About this Research Topic
The goal of this Research Topic is to synthesize the latest data on high resolution imaging of the inner ear and its central nervous system projections. To date, the dominant challenges encountered by those who image the inner ear have been image resolution and the inner ear’s secluded position deep within the temporal bone. The interfaces between bone, soft tissue, fluid, and air of the middle ear and mastoid generate artifacts in both magnetic resonance imaging (MRI) and computed tomography (CT). New techniques in MRI and CT have allowed us to see these structures with ever-greater resolution and are beginning to reveal discoveries of inner ear pathophysiology. Flat panel CT scans have increased our ability to diagnose disorders of the bone of the middle and inner ear, such as superior semicircular canal dehiscence syndrome. Improved MRI hardware such as greater magnetic field strengths and stronger gradient coils have led to improved signal and spatial resolution, while new developments in the use of contrast and pulse sequences have shown us separate perilymph and endolymph spaces in patients with Meniere’s disease. This Topic is an opportunity to bring technological developments in imaging to an audience of clinicians and researchers who specialize in the disorders of the inner ear.
Therefore, we welcome submissions of manuscripts on the following subjects:
• Technological developments in MRI of the inner ear;
• The use of HYDROPs imaging to provide insights into clinical vestibular disorders;
• Using MRI to diagnose patients with central vestibular disorders;
• Using MRI to identify how the brain processes vestibular information;
• Technological developments in CT imaging of the inner ear;
• The use of CT imaging to diagnose middle and inner ear disorders;
• The use of CT imaging to assess the placement of inner ear devices such as cochlear and vestibular implants;
• Novel imaging techniques to study inner ear disease.

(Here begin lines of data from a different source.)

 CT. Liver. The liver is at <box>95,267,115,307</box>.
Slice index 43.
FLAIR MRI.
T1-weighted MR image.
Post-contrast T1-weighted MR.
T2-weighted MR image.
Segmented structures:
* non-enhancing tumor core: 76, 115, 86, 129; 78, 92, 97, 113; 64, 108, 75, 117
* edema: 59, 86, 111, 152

Topic Editor Arnaud Attye has received research grants from Guerbet and Bayer. All other Topic Editors declare no competing interests with regards to the Research Topic subject.

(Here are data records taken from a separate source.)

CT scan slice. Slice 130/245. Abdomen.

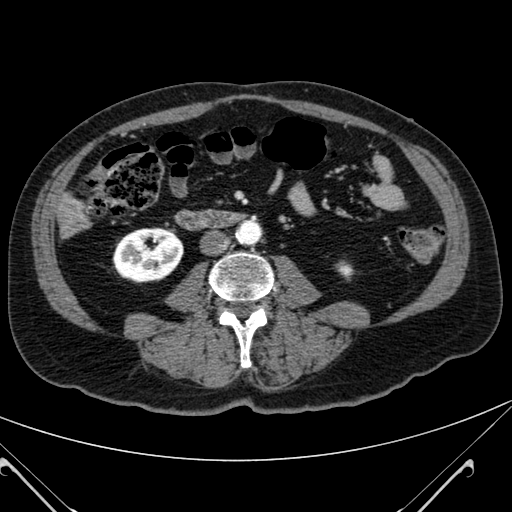 Kidney = bbox(114, 229, 182, 281).
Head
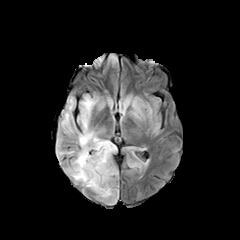
FLAIR MR.
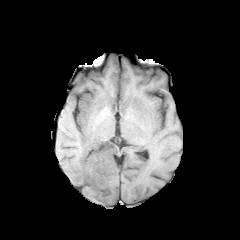
T1-weighted MR.
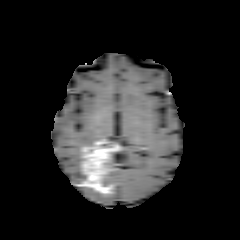
Post-contrast T1-weighted MRI of the same slice.
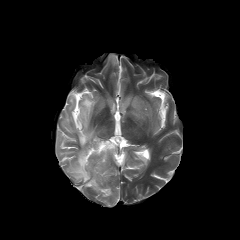
T2-weighted MR image.
The enhancing tumor appears at left=78, top=139, right=116, bottom=195. 3 edema regions are bounded by left=105, top=154, right=115, bottom=183; left=59, top=132, right=76, bottom=143; left=58, top=94, right=102, bottom=183. The non-enhancing tumor core appears at left=101, top=172, right=113, bottom=189.

Keywords: inner ear imaging, radiomics, artificial intelligence, machine learning, deep learning, Vestibular cortical network, vestibular connectivity, inner ear MRI, vestibular cortical dominance, visual-vestibular interaction
Important Note: All contributions to this Research Topic must be within the scope of the section and journal to which they are submitted, as defined in their mission statements. Frontiers reserves the right to guide an out-of-scope manuscript to a more suitable section or journal at any stage of peer review.